Clippings: Car selection considered carefuly

A couple of weeks ago I traded in my 2003 Honda Pilot for a 2012 Honda CRV. The Pilot had served me well but it had 210,000 miles on it, rusted fenders, a broken air conditioner, a busted rear windshield wiper, one door that could only be locked or unlocked manually, and some electronic safety system harness doohickey under the driver’s seat that went haywire and prevented the car from passing inspection. So about six months ago I decided it was time and I got all excited about looking for a new car.
You might ask why it took six months to find one. I keep asking myself the same thing. I think for me there are just too many things to obsess about when buying a new car. The cost alone can get your head spinning. And then you have to think about styling. And what about the exterior/interior color combinations? Leather or cloth? Sun roof, moon roof, no roof? Front-wheel drive, all-wheel drive or four-wheel drive? What about storage capacity? Can it hold just a week’s worth of groceries or can I cram it full of paddles, life jackets, a dog crate, soccer balls, dirty socks, rain gear, a box full of old CDs and a week’s worth of groceries?
I kept thinking and looking but I just couldn’t pull the trigger.
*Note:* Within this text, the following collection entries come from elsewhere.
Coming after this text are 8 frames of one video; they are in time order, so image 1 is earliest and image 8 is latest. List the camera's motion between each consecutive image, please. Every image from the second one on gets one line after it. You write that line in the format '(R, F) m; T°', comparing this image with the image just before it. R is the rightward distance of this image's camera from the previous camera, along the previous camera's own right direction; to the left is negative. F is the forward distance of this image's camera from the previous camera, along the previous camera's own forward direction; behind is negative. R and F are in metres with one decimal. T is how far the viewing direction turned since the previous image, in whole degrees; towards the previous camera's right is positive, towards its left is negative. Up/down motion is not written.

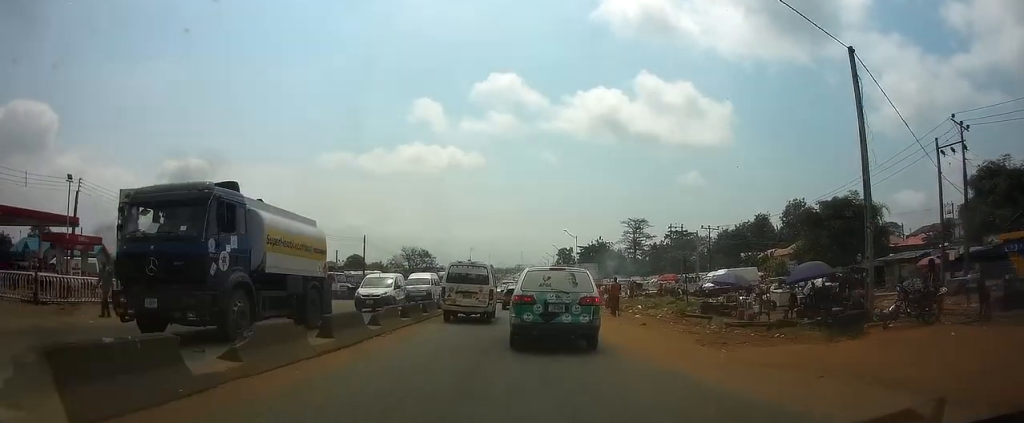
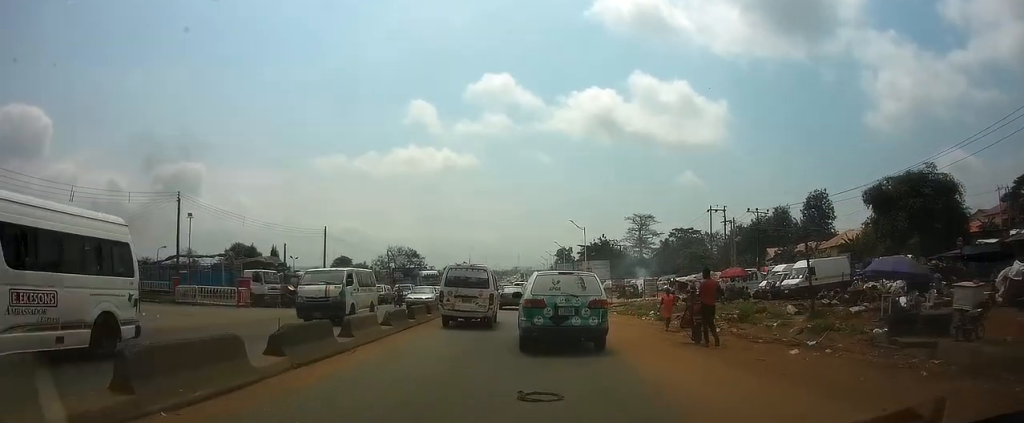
(+0.1, +16.7) m; +1°
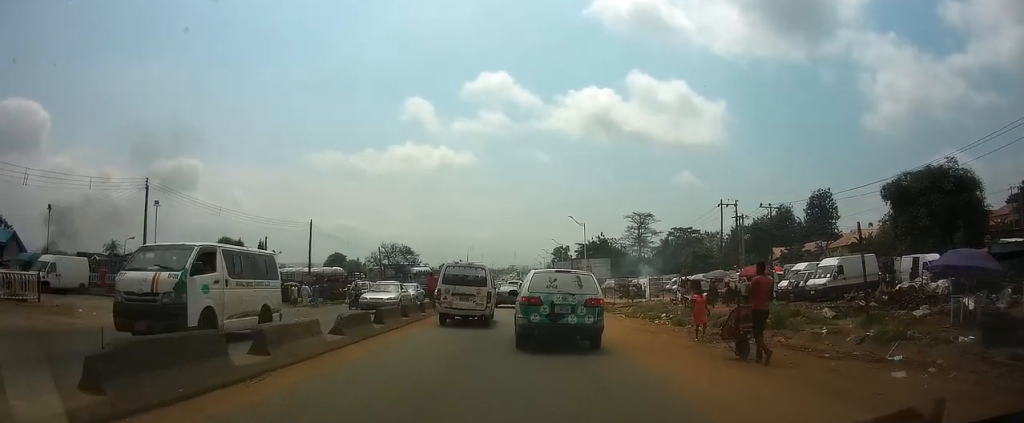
(0.0, +4.1) m; 0°
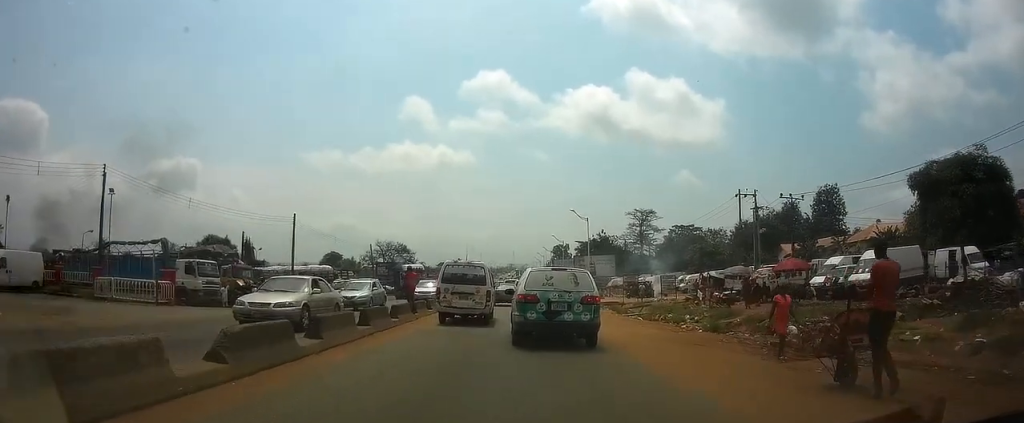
(0.0, +4.9) m; 0°
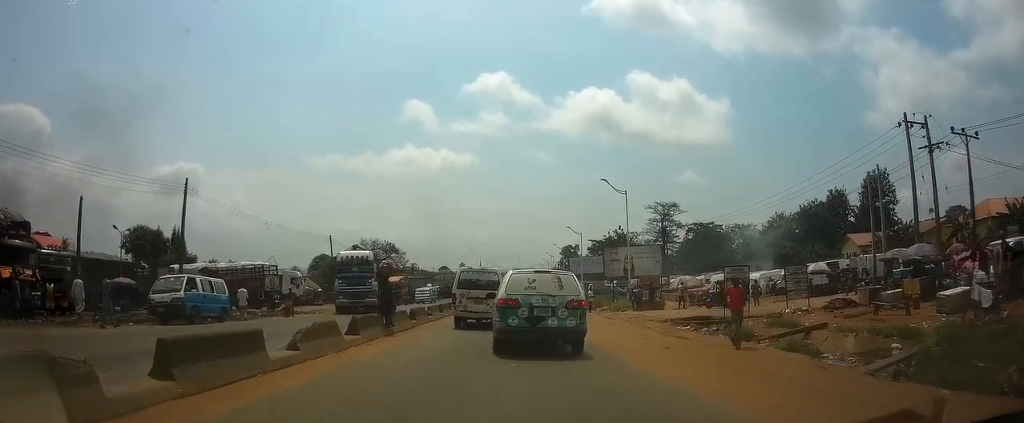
(-0.1, +23.4) m; 0°
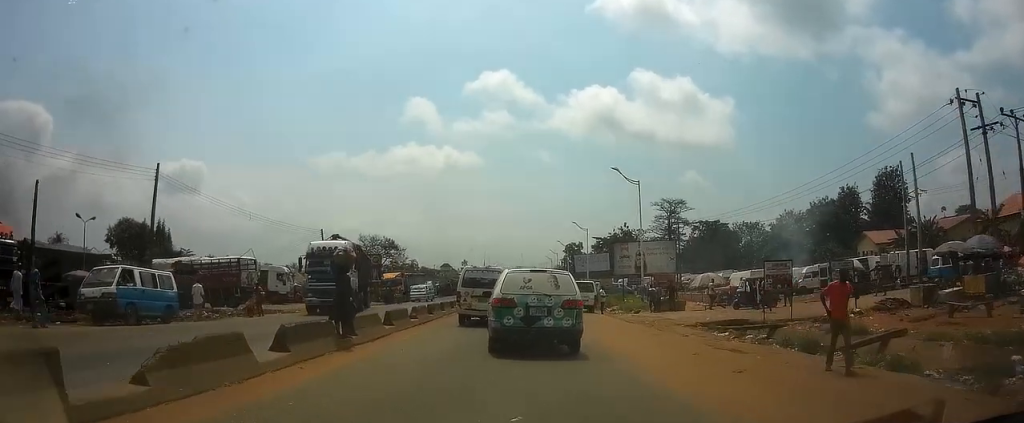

Maybe I was a little too obsessed with cars to make a decision?
When I was a kid I loved cars. I collected and played with toy cars (Matchbox, Hot Wheels and Corgi), I built scale models of cars, I raced slot cars and I wore out the pages of car magazines that I shared with my brother. I blame my dad for my obsession. When I was born he drove a Triumph TR3, a beautiful, tiny, soft-topped sports car. It was hardly practical for a father of three and I can only imagine how it hurt when he sold it not long after I came along.
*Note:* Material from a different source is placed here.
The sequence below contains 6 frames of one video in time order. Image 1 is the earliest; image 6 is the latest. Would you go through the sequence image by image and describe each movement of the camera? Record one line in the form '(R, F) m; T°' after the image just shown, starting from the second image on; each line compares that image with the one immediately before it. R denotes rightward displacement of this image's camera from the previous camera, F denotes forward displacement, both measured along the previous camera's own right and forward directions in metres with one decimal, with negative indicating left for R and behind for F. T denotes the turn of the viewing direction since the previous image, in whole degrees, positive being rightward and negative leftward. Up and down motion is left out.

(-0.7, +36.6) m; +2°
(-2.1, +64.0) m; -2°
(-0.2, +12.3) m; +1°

Soon he had two matching green Volvos in the driveway. A sedan for my mom and a wagon for him. They were no match for the Triumph, but Volvos, which may be common today, were somewhat exotic back then. A 1946 Willy’s jeep was added to our lineup soon after and then when I was about 12 or 13 my dad pushed our household’s car obsession over the brink when he paid $1,700 for a 1966 Jaguar E-Type. For my money the E-Type is the most beautiful sports car ever produced. One has been on display in New York City’s Museum of Modern Art since 1996.
In 1976 I didn’t have to go to a museum to see one. There was one in my garage, which might as well have been a museum given how much time I spent staring at that car. Everything about it was perfect. The big wooden steering wheel, the push-button ignition, the smell of leather and gasoline, the rumble of the exhaust, the spoked wheels and the curves. Oh my, those curves.
The Jaguar was sold when I went off to college and my car obsession calmed with time. Soon I was a family man driving sedans and minivans. But my obsession never went away completely. And it seems I am in good company here in America. It was reported a few years ago that there are about 255 million registered passenger vehicles in the United States. And by my count there are about 253 million Americans of driving age. This means there are more cars in America then there are people to drive them.
Maybe we are all a little obsessed.
Today a 1966 Jaguar goes for $80,000 or more so a mid-life crisis purchase is out of the question. I am happy (well, happy-ish) confining my classic sports car experiences to museums. A few years ago I saw Ralph Lauren’s car collection at Boston’s Museum of Fine Arts. When I laid my eyes upon his 1938 Bugatti 57SC Atlantic I almost fainted. So did I almost faint when I saw the 2012 Honda CRV that I finally purchased recently? Not even close, but it does have a working air conditioner. And at my age, that makes it museum worthy.